After this patch, we cannot set table_open_cache = 200000 ! The server crashes with "mysqld got signal 6 ;" or out of memory (before patch, there was >10 GB system-cache). We currently run table_open_cache = 50000 and all is fine (only 2 GB system-cache). There is no memleak, simple that new hash-construct use many ram (not exactly proved).

Is there a plan to release a version soon, which help in our scenario? The list-approach dont work for us!
[27 May 2015 14:49] Mattias Jonsson
Posted by developer:
 
A new patch based on WL#4305 is proposed in rb#8811. (changeset not removed since it gives some history).
[10 Aug 2015 10:35] Murthy Sidagam
Posted by developer:
 
old rb#8811 is owned by Mattias and I cannot update the rb with new patch(which has fix for memory leak issue).
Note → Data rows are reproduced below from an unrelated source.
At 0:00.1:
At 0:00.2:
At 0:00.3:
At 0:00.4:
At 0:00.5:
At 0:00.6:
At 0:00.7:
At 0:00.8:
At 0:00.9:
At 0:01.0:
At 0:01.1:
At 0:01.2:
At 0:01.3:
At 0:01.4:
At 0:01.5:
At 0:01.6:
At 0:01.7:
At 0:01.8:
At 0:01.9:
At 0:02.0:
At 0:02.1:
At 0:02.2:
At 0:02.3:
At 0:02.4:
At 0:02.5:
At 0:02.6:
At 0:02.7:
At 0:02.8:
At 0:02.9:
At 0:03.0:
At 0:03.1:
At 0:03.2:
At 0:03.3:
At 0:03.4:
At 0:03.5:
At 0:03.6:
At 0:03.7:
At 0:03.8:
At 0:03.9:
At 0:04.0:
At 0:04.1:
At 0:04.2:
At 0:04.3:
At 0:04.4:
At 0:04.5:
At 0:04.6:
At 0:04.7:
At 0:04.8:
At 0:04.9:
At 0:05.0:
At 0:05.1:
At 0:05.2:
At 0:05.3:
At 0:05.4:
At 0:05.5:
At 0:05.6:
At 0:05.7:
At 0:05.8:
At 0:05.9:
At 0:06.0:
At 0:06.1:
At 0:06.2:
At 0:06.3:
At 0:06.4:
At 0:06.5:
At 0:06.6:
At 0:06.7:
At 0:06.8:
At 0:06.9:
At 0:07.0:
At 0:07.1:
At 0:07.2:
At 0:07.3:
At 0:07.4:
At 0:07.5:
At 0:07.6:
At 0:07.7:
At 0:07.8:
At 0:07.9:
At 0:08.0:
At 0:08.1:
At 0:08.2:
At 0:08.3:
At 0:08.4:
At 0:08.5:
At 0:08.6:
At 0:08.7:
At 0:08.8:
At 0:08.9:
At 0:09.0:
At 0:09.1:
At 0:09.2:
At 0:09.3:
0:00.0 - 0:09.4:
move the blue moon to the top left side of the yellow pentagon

Hence I have uploaded new patch under rb#9874
[28 Aug 2015 13:47] Paul DuBois
Noted in 5.7.9, 5.8.0 changelogs.

As the number of open MyISAM tables increased, lookups to check
whether a table was open became expensive, particularly when the
table was not open. Lookup performance has been improved, with the
overhead reduction especially beneficial for selects on large number
of tables with large values of table_open_cache and
table_definition_cache.